======== Task inputs

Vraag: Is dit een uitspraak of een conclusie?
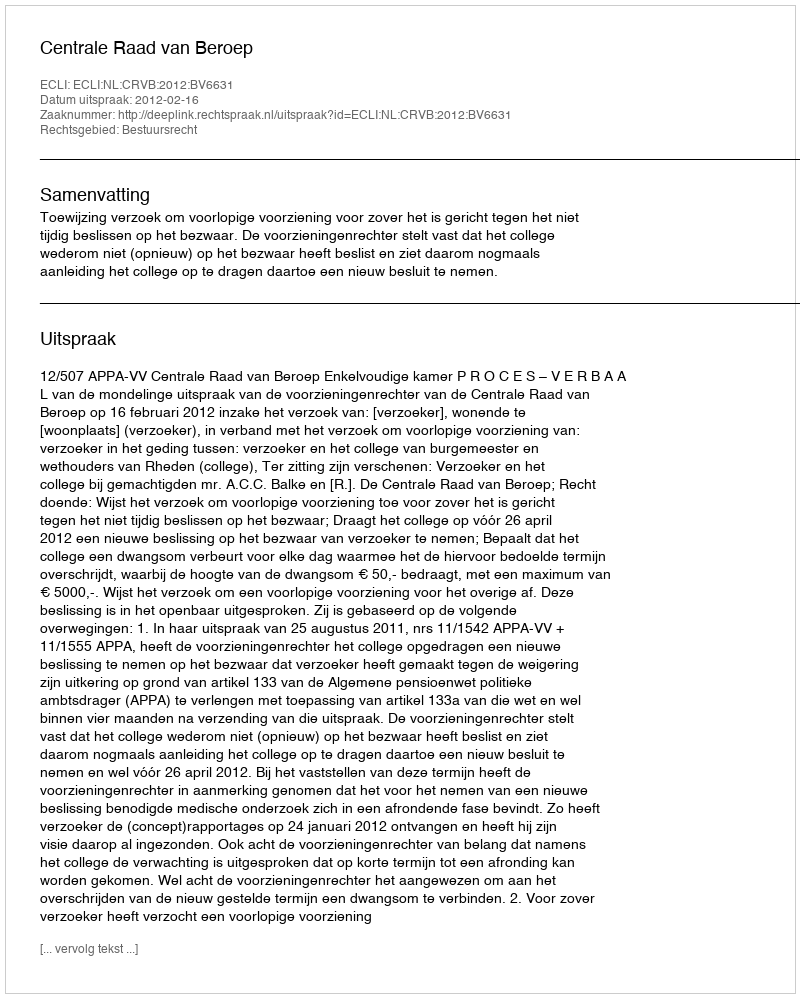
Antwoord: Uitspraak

================
======== Task inputs

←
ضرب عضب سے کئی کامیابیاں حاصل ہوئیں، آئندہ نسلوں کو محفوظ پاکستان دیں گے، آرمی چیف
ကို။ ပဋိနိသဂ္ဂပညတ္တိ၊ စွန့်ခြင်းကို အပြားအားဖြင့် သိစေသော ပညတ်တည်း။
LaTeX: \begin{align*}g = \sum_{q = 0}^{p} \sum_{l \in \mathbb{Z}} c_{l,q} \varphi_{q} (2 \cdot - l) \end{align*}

================
======== Task inputs

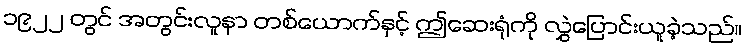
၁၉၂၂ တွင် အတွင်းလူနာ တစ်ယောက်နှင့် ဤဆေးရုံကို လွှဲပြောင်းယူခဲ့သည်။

================

Problem to work on>
Would you output only the span of the records above that opens with the line containing "Vraag: Is dit een uitspraak of een conclusie?" and closes with the line containing "Antwoord: Uitspraak", ends included and pictures dropped?

Result for this exercise>
Vraag: Is dit een uitspraak of een conclusie?
Antwoord: Uitspraak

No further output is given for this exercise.